Nest related resources in one request through foreign keys.

Resource embedding nests a related resource inside select, resolved through the foreign keys dbrest introspects. One request returns a film and its director together, with no second round trip and no client-side join.

The films table has a director_id foreign key to directors. Embed the director by naming the related table inside select:

curl 'localhost:3000/films?select=title,directors(name)&order=title'

Each film object now carries a nested directors object:

[
  { "title": "Arrival", "directors": { "name": "Denis Villeneuve" } },
  { "title": "Dune", "directors": { "name": "Denis Villeneuve" } }
]

Choose the embedded columns

The parentheses take their own select list, including aliases:

curl 'localhost:3000/films?select=title,directors(director:name)'

Embed in the other direction

Embedding works both ways. From a director, embed the related films:

curl 'localhost:3000/directors?select=name,films(title,year)&order=name'

A one-to-many embed nests an array:

[
  { "name": "Greta Gerwig", "films": [
      { "title": "Lady Bird", "year": 2017 },
      { "title": "Little Women", "year": 2019 }
  ] }
]

Filter and order on an embed

Filters and ordering can target an embedded resource by qualifying the column with the embed name:

# directors, with only their films from 2019, newest first
curl 'localhost:3000/directors?select=name,films(title,year)&films.year=eq.2019&films.order=year.desc'

When a relationship is missing or ambiguous

Embedding is resolved against introspected foreign keys. If you name a relation that has no foreign key linking it, you get PGRST200. If more than one foreign key could satisfy the embed and the request does not disambiguate, you get PGRST201, which lists the candidates so you can pick one.

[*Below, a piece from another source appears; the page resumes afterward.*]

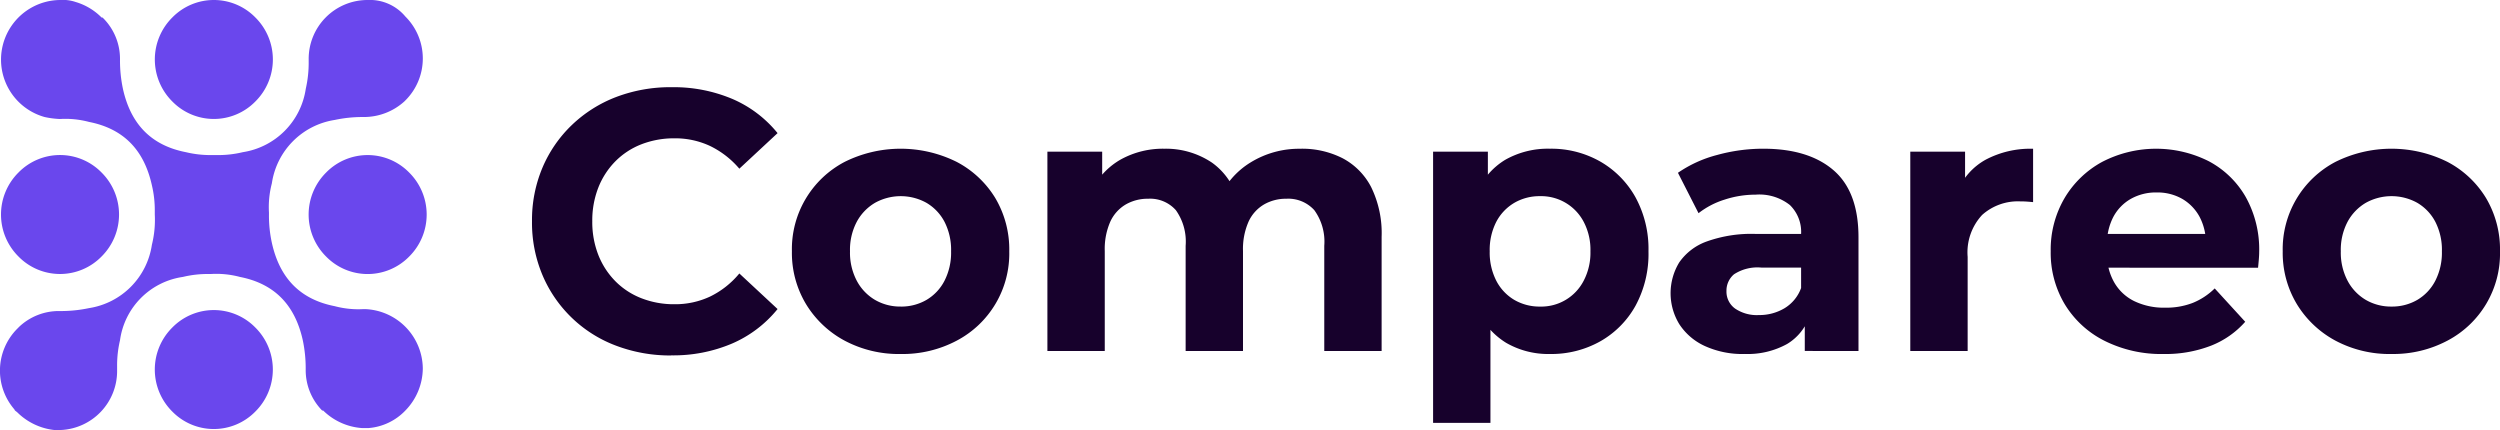 <svg xmlns="http://www.w3.org/2000/svg" xmlns:xlink="http://www.w3.org/1999/xlink" id="Groupe_4465" data-name="Groupe 4465" width="250" height="43" viewBox="0 0 250 43"><defs><clipPath id="clip-path"><rect id="Rectangle_541" data-name="Rectangle 541" width="250" height="43" fill="none"></rect></clipPath></defs><g id="Groupe_4464" data-name="Groupe 4464" clip-path="url(#clip-path)"><path id="Trac&#xE9;_122" data-name="Trac&#xE9; 122" d="M1.842,25.644a5.808,5.808,0,0,0,8.32,0,5.918,5.918,0,0,0,0-8.386,5.808,5.808,0,0,0-8.32,0,5.918,5.918,0,0,0,0,8.386m23.7,7.118a5.808,5.808,0,0,0-8.32,0,5.917,5.917,0,0,0,0,8.385,5.808,5.808,0,0,0,8.32,0,5.917,5.917,0,0,0,0-8.385m7.063-15.5a5.918,5.918,0,0,0,0,8.386,5.808,5.808,0,0,0,8.32,0,5.918,5.918,0,0,0,0-8.386,5.808,5.808,0,0,0-8.32,0M17.225,1.755a5.917,5.917,0,0,0,0,8.385,5.806,5.806,0,0,0,8.32,0,5.917,5.917,0,0,0,0-8.385,5.808,5.808,0,0,0-8.32,0m-7.063,0A6.052,6.052,0,0,0,7.55.195,3.983,3.983,0,0,0,6,0,5.961,5.961,0,0,0,4.454,11.7,8.449,8.449,0,0,0,6,11.9a9.191,9.191,0,0,1,2.9.292c3.483.683,5.515,2.828,6.289,6.338a10.735,10.735,0,0,1,.29,2.535v.39a10.368,10.368,0,0,1-.29,3.023A7.522,7.522,0,0,1,8.9,30.812a13.6,13.6,0,0,1-3,.292,5.789,5.789,0,0,0-3.967,1.56s-.1.1-.193.195a5.932,5.932,0,0,0-.29,8.093c0,.1.193.195.29.293A6.231,6.231,0,0,0,5.421,43H6.1a5.9,5.9,0,0,0,5.611-5.948v-.39A10.985,10.985,0,0,1,12,34.029a7.417,7.417,0,0,1,6.289-6.337A10.468,10.468,0,0,1,20.8,27.4h.291a9.164,9.164,0,0,1,2.9.293c3.483.682,5.515,2.827,6.289,6.337a13.652,13.652,0,0,1,.29,2.926,5.773,5.773,0,0,0,1.645,4.095h.1a6.161,6.161,0,0,0,3.87,1.755h.677a5.718,5.718,0,0,0,3.676-1.755,6.091,6.091,0,0,0,1.742-4.193,6,6,0,0,0-5.805-5.948h-.1a9.191,9.191,0,0,1-2.9-.292c-3.483-.683-5.515-2.828-6.289-6.338a12.668,12.668,0,0,1-.29-2.828v-.195a9.4,9.4,0,0,1,.29-2.925,7.522,7.522,0,0,1,6.289-6.338,13.3,13.3,0,0,1,2.9-.292,6.028,6.028,0,0,0,4.064-1.561l.1-.1a5.918,5.918,0,0,0,0-8.386A4.624,4.624,0,0,0,36.768,0a5.888,5.888,0,0,0-5.9,5.948v.2a11.78,11.78,0,0,1-.29,2.73,7.522,7.522,0,0,1-6.289,6.338,10.463,10.463,0,0,1-2.515.292h-.677a10.471,10.471,0,0,1-2.516-.292c-3.483-.683-5.515-2.828-6.289-6.338A13.649,13.649,0,0,1,12,5.948a5.767,5.767,0,0,0-1.645-4.095l-.1-.1Z" fill="#6a47ed" fill-rule="evenodd"></path><path id="Trac&#xE9;_123" data-name="Trac&#xE9; 123" d="M67.132,35.547a15.307,15.307,0,0,1-5.533-.982,12.893,12.893,0,0,1-7.353-7.058A13.5,13.5,0,0,1,53.2,22.134a13.49,13.49,0,0,1,1.048-5.372A12.851,12.851,0,0,1,57.187,12.5a13.223,13.223,0,0,1,4.431-2.8,15.262,15.262,0,0,1,5.551-.981,15.109,15.109,0,0,1,6.048,1.166,11.808,11.808,0,0,1,4.54,3.428l-3.823,3.556a8.969,8.969,0,0,0-2.941-2.278,8.21,8.21,0,0,0-3.53-.759,8.97,8.97,0,0,0-3.309.592,7.489,7.489,0,0,0-2.61,1.7,7.789,7.789,0,0,0-1.71,2.63,9.032,9.032,0,0,0-.606,3.372,9.028,9.028,0,0,0,.606,3.372,7.812,7.812,0,0,0,1.71,2.631,7.47,7.47,0,0,0,2.61,1.7,8.93,8.93,0,0,0,3.309.594,8.211,8.211,0,0,0,3.53-.76,8.763,8.763,0,0,0,2.941-2.316l3.823,3.557a11.941,11.941,0,0,1-4.54,3.446,14.988,14.988,0,0,1-6.085,1.186" fill="#17012c"></path><path id="Trac&#xE9;_124" data-name="Trac&#xE9; 124" d="M90.073,35.4a11.521,11.521,0,0,1-5.607-1.334,10.091,10.091,0,0,1-3.86-3.649,9.914,9.914,0,0,1-1.415-5.28,9.845,9.845,0,0,1,5.275-8.949,12.573,12.573,0,0,1,11.2,0,9.873,9.873,0,0,1,3.86,3.613,10.071,10.071,0,0,1,1.4,5.336,9.834,9.834,0,0,1-5.257,8.929A11.555,11.555,0,0,1,90.073,35.4m0-4.742a5.008,5.008,0,0,0,2.574-.667,4.731,4.731,0,0,0,1.8-1.909,6.176,6.176,0,0,0,.662-2.945,6.152,6.152,0,0,0-.662-2.964,4.763,4.763,0,0,0-1.8-1.89,5.3,5.3,0,0,0-5.147,0,4.885,4.885,0,0,0-1.82,1.89A6.008,6.008,0,0,0,85,25.135a6.031,6.031,0,0,0,.68,2.945,4.85,4.85,0,0,0,1.82,1.909,5,5,0,0,0,2.573.667" fill="#17012c"></path><path id="Trac&#xE9;_125" data-name="Trac&#xE9; 125" d="M130.074,14.872a8.922,8.922,0,0,1,4.172.945,6.774,6.774,0,0,1,2.868,2.89,10.448,10.448,0,0,1,1.048,4.983V35.1h-5.735V24.58a5.354,5.354,0,0,0-.992-3.558,3.5,3.5,0,0,0-2.795-1.148,4.388,4.388,0,0,0-2.242.574,3.844,3.844,0,0,0-1.545,1.724A6.76,6.76,0,0,0,124.3,25.1v10h-5.736V24.58a5.425,5.425,0,0,0-.974-3.558,3.445,3.445,0,0,0-2.776-1.148,4.391,4.391,0,0,0-2.242.574,3.856,3.856,0,0,0-1.545,1.724,6.775,6.775,0,0,0-.551,2.927v10h-5.736V15.168h5.478v5.447l-1.029-1.593a7.114,7.114,0,0,1,2.923-3.094,8.716,8.716,0,0,1,4.32-1.056,8.258,8.258,0,0,1,4.761,1.389,6.723,6.723,0,0,1,2.7,4.242l-2.022-.555a7.966,7.966,0,0,1,3.18-3.7,9.25,9.25,0,0,1,5.019-1.371" fill="#17012c"></path><path id="Trac&#xE9;_126" data-name="Trac&#xE9; 126" d="M143.309,42.29V15.167h5.478v4.077l-.111,5.928.368,5.892V42.29ZM155,35.4a8.417,8.417,0,0,1-4.375-1.111A7.373,7.373,0,0,1,147.7,30.9a13.821,13.821,0,0,1-1.048-5.761,14.466,14.466,0,0,1,.993-5.781,7.089,7.089,0,0,1,2.868-3.371A8.64,8.64,0,0,1,155,14.871a9.889,9.889,0,0,1,5.018,1.279,9.372,9.372,0,0,1,3.53,3.576,10.776,10.776,0,0,1,1.3,5.409,10.857,10.857,0,0,1-1.3,5.447,9.237,9.237,0,0,1-3.53,3.556A10,10,0,0,1,155,35.4m-.993-4.742a4.77,4.77,0,0,0,4.357-2.576,6.042,6.042,0,0,0,.68-2.945,6.018,6.018,0,0,0-.68-2.964,4.8,4.8,0,0,0-4.357-2.557,5,5,0,0,0-2.574.667,4.77,4.77,0,0,0-1.8,1.89,6.152,6.152,0,0,0-.662,2.964,6.176,6.176,0,0,0,.662,2.945,4.738,4.738,0,0,0,1.8,1.909,5.011,5.011,0,0,0,2.574.667" fill="#17012c"></path><path id="Trac&#xE9;_127" data-name="Trac&#xE9; 127" d="M174.448,35.4a9.094,9.094,0,0,1-3.97-.8,6.038,6.038,0,0,1-2.537-2.168,5.92,5.92,0,0,1-.019-6.187,5.661,5.661,0,0,1,2.739-2.093,13.2,13.2,0,0,1,4.891-.76h5.257v3.371h-4.633a4.285,4.285,0,0,0-2.776.667,2.136,2.136,0,0,0-.753,1.667,2.086,2.086,0,0,0,.864,1.761,3.868,3.868,0,0,0,2.371.648,4.9,4.9,0,0,0,2.574-.685,3.921,3.921,0,0,0,1.654-2.02l.883,2.668a5.158,5.158,0,0,1-2.28,2.927,8.147,8.147,0,0,1-4.265,1m6.03-.3V31.211l-.368-.852V23.394a3.743,3.743,0,0,0-1.121-2.89,4.919,4.919,0,0,0-3.437-1.038,9.922,9.922,0,0,0-3.107.5,8.185,8.185,0,0,0-2.592,1.353l-2.059-4.039a12.366,12.366,0,0,1,3.9-1.778,17.306,17.306,0,0,1,4.633-.631q4.522,0,7.022,2.15t2.5,6.706V35.1Z" fill="#17012c"></path><path id="Trac&#xE9;_128" data-name="Trac&#xE9; 128" d="M191.029,35.1V15.168h5.478V20.8l-.772-1.63a6.385,6.385,0,0,1,2.831-3.2,9.559,9.559,0,0,1,4.743-1.094v5.336c-.246-.024-.466-.043-.662-.056s-.4-.018-.625-.018a5.362,5.362,0,0,0-3.805,1.352,5.494,5.494,0,0,0-1.452,4.2V35.1Z" fill="#17012c"></path><path id="Trac&#xE9;_129" data-name="Trac&#xE9; 129" d="M216.361,35.4a12.652,12.652,0,0,1-5.938-1.334,9.77,9.77,0,0,1-3.952-3.649,10.012,10.012,0,0,1-1.4-5.28,10.185,10.185,0,0,1,1.379-5.317,9.816,9.816,0,0,1,3.768-3.632,11.719,11.719,0,0,1,10.644-.073,9.254,9.254,0,0,1,3.694,3.556,10.761,10.761,0,0,1,1.362,5.539c0,.223-.015.477-.038.76s-.05.551-.074.8H209.742V23.394h13.052l-2.205,1a5.582,5.582,0,0,0-.625-2.7,4.6,4.6,0,0,0-1.728-1.8,4.986,4.986,0,0,0-2.574-.648,5.086,5.086,0,0,0-2.592.648,4.509,4.509,0,0,0-1.746,1.815,5.754,5.754,0,0,0-.625,2.761v.889a5.63,5.63,0,0,0,.718,2.872,4.679,4.679,0,0,0,2.021,1.889,6.808,6.808,0,0,0,3.069.648,7.367,7.367,0,0,0,2.776-.481,6.726,6.726,0,0,0,2.188-1.445l3.051,3.335a8.89,8.89,0,0,1-3.418,2.39,12.59,12.59,0,0,1-4.743.833" fill="#17012c"></path><path id="Trac&#xE9;_130" data-name="Trac&#xE9; 130" d="M239.154,35.4a11.521,11.521,0,0,1-5.607-1.334,10.1,10.1,0,0,1-3.859-3.649,9.915,9.915,0,0,1-1.416-5.28,9.85,9.85,0,0,1,5.275-8.949,12.573,12.573,0,0,1,11.2,0A9.859,9.859,0,0,1,248.6,19.8a10.071,10.071,0,0,1,1.4,5.336,9.834,9.834,0,0,1-5.257,8.929,11.552,11.552,0,0,1-5.589,1.334m0-4.742a5.008,5.008,0,0,0,2.574-.667,4.731,4.731,0,0,0,1.8-1.909,6.165,6.165,0,0,0,.662-2.945,6.141,6.141,0,0,0-.662-2.964,4.764,4.764,0,0,0-1.8-1.89,5.3,5.3,0,0,0-5.147,0,4.885,4.885,0,0,0-1.82,1.89,6.008,6.008,0,0,0-.68,2.964,6.031,6.031,0,0,0,.68,2.945,4.85,4.85,0,0,0,1.82,1.909,5,5,0,0,0,2.573.667" fill="#17012c"></path></g></svg>

{ "code": "PGRST200", "message": "...", "details": "...", "hint": "..." }

How it works per backend

On the relational backends, an embed becomes a join and the nested JSON is assembled in the engine. On MongoDB it becomes a $lookup or $graphLookup pipeline stage. The result shape is identical either way.

Backends without real foreign keys, such as MongoDB or a foreign-key-less SQL schema, get their relationships from the declared-relationships registry, which records the same from, to, matching columns, and cardinality the introspector would otherwise read from a catalog.